The retrospective, held in five rooms on the third floor of the Castello, unfolds as a holistic installation via an innovative arrangement of works that join images, space, sound, language and color into one seamless narrative, allowing visitors to have an immersive, hypnotic and hyper-real experience.
 
The exhibition reflects on the combination of tangibility and absence found in the phantasmagoric dimension of the venue: an ancient castle “under a spell,” perhaps inhabited by ghosts, where the expression of a material intangibility seems to be exposed by artist via the reality of HD and digital culture.
 
Curator Carolyn Christov-Bakargiev states: “The event’s originality lies in the installation conceived by the artist, which contemplates the emotional, historical and architectural features of the space where the exhibition unfolds. If the building is a body, then the brain is located at the top floor, in the attic, where Ed Atkins wants to be, the neurologic center of the building-body’s thoughts and emotions.

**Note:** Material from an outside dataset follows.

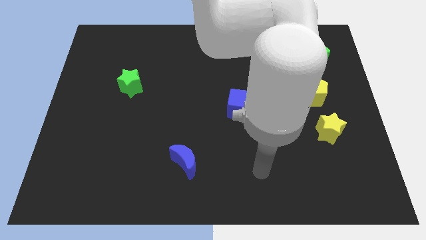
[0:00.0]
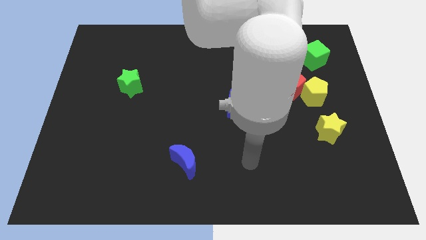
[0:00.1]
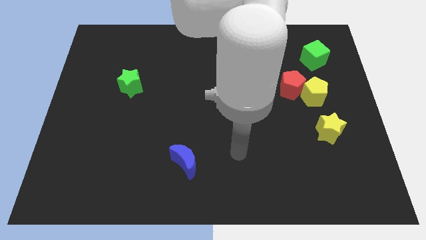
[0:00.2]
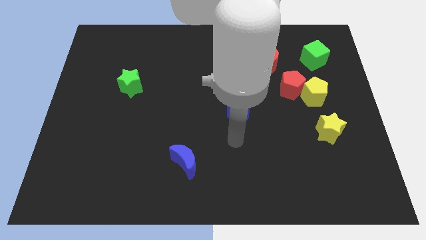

The spacious rooms—formerly used as a military barracks—with their wooden beams on the ceilings and the red brick fireplace’s ascending central column, restore a metaphorical, ancestral place where presence and absence evoke the feeling of a ‘bewitched’ residence poised between the ancient and the contemporary.”
 
In contrast, the contemporary architecture of the Fondazione Sandretto Re Rebaudengo hosts the artist’s most recent work, Safe Conduct (2016), a three-channel video-installation whose images incorporate footage of airports that show travelers the procedure to follow in order to pass security checks. In addition to the video-installation, Atkins will also present a series of new graphic works related to Safe Conduct.
 
Regarding the Fondazione Sandretto, Christov-Bakargiev adds: “The protagonist gives shape to the anxiety that not only marks our age of fear and vulnerability, but also the exaggerated control of public space that, although guaranteeing our safety, ends up violating our privacy. The ever-transient confine between something real and something that seems real is one of the artist’s themes, as well as that distinctive feature of digital society, where everything is mediated.”
 
The exhibition is accompanied by a catalog edited by Carolyn Christov-Bakargiev and Marianna Vecellio, and published by Skira. Conceived by Atkins as an artist’s book, the main body is a collage of imagery, text and graphical elements constructed by the artist, gleaned from the worlds of his video works and their influences. With new essays by the editors and by Irene Calderoni and Chiara Vecchiarelli, the book is accompanied by a scholarly timeline and an anthology that includes a selection of the artist’s unpublished writings, plus critical writings by Kirsty Bell, Melissa Gronlund, Martin Herbert, Leslie Jamison, Joe Luna, Jeff Nagy, Mike Sperlinger and Patrick Ward, together with interviews by Katie Guggenheim, Hans Ulrich Obrist, Beatrix Ruf and Richard Whitby.